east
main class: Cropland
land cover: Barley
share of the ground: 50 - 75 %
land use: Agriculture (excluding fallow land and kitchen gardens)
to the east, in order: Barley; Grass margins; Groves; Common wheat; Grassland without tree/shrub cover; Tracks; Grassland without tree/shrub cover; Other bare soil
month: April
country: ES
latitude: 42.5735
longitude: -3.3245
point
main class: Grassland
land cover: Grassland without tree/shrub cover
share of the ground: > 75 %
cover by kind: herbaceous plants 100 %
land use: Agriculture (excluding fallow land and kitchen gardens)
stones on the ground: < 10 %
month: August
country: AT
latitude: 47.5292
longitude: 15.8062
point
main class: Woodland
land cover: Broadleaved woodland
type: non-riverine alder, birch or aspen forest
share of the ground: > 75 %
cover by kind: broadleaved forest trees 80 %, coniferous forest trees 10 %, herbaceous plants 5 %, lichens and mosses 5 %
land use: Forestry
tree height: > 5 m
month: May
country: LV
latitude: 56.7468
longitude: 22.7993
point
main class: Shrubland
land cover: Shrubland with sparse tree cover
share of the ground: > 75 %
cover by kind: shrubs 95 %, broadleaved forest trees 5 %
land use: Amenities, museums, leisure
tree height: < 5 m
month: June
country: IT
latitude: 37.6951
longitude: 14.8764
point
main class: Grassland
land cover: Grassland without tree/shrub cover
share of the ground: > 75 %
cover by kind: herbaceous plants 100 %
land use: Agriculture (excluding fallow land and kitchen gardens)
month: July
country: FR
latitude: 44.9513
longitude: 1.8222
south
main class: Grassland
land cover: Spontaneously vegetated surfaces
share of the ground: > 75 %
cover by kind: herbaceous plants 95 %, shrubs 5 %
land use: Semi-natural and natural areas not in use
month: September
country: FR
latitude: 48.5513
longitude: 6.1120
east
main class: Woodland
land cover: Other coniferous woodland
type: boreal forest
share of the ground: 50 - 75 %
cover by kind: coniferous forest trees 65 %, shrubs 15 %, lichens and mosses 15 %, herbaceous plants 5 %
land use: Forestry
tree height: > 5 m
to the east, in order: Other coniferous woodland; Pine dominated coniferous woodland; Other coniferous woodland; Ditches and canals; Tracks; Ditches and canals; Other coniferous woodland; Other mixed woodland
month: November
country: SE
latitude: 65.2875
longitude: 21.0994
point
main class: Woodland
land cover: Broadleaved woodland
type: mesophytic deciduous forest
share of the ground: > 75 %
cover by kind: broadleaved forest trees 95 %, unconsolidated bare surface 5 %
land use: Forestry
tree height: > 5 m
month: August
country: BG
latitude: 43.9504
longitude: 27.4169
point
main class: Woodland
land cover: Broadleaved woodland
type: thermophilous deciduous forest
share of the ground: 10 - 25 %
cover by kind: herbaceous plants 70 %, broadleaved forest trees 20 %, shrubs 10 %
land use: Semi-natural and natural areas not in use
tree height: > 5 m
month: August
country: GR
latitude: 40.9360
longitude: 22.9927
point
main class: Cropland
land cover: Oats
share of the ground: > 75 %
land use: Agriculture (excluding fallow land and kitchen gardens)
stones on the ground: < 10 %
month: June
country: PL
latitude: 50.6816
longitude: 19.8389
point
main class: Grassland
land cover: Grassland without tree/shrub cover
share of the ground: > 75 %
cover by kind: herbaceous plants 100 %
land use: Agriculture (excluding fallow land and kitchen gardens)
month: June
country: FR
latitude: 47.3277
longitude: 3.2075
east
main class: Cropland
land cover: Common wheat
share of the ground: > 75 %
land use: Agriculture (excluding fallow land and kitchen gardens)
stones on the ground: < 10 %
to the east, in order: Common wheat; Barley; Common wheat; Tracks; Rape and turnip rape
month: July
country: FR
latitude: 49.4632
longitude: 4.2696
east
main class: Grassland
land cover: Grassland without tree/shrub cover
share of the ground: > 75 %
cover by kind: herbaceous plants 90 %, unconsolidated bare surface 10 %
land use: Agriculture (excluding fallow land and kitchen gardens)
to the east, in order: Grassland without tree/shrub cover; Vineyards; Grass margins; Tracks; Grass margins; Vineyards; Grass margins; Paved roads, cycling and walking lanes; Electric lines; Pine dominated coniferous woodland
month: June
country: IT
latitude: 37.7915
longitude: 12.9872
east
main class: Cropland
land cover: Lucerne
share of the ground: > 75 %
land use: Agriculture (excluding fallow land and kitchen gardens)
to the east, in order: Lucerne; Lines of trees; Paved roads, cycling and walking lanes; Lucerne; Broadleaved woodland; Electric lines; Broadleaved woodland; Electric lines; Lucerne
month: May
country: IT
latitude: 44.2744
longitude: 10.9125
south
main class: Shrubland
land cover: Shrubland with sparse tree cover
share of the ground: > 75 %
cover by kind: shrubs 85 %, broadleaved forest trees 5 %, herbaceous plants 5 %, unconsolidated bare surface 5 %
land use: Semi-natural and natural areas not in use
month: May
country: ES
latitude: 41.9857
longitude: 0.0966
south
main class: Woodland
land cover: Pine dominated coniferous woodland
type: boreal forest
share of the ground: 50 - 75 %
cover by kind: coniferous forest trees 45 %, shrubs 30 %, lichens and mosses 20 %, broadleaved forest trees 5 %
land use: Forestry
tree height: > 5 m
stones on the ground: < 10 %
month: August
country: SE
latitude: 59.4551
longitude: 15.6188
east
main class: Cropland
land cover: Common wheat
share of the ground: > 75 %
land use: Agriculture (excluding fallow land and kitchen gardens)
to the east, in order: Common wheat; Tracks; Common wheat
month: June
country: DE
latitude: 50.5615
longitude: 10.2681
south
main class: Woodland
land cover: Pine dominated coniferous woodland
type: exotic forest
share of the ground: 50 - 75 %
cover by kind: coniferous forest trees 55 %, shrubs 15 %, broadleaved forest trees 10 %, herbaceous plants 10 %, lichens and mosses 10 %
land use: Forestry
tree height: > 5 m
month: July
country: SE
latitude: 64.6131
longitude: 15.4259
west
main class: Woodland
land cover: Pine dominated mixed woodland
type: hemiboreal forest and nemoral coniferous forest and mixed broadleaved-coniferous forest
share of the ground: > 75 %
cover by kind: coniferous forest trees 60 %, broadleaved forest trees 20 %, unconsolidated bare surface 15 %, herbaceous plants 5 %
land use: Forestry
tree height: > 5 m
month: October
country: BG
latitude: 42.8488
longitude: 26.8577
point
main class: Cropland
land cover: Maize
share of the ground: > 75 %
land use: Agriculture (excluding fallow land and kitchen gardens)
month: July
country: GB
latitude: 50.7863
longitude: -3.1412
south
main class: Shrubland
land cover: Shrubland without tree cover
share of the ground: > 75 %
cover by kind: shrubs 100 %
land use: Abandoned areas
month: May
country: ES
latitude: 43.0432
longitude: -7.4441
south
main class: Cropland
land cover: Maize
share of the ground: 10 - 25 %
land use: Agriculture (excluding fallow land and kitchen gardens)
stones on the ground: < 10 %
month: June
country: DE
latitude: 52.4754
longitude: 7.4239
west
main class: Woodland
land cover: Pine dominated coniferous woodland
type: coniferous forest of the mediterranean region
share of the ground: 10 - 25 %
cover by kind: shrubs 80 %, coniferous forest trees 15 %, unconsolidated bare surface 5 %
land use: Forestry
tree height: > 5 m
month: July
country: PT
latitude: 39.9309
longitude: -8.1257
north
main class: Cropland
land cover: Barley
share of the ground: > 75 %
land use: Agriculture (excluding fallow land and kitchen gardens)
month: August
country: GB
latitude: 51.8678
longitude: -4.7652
# # # #
Action item:
What lines of the material above include "type"? Copy each one.

Response below:
type: non-riverine alder, birch or aspen forest
type: boreal forest
type: mesophytic deciduous forest
type: thermophilous deciduous forest
type: boreal forest
type: exotic forest
type: hemiboreal forest and nemoral coniferous forest and mixed broadleaved-coniferous forest
type: coniferous forest of the mediterranean region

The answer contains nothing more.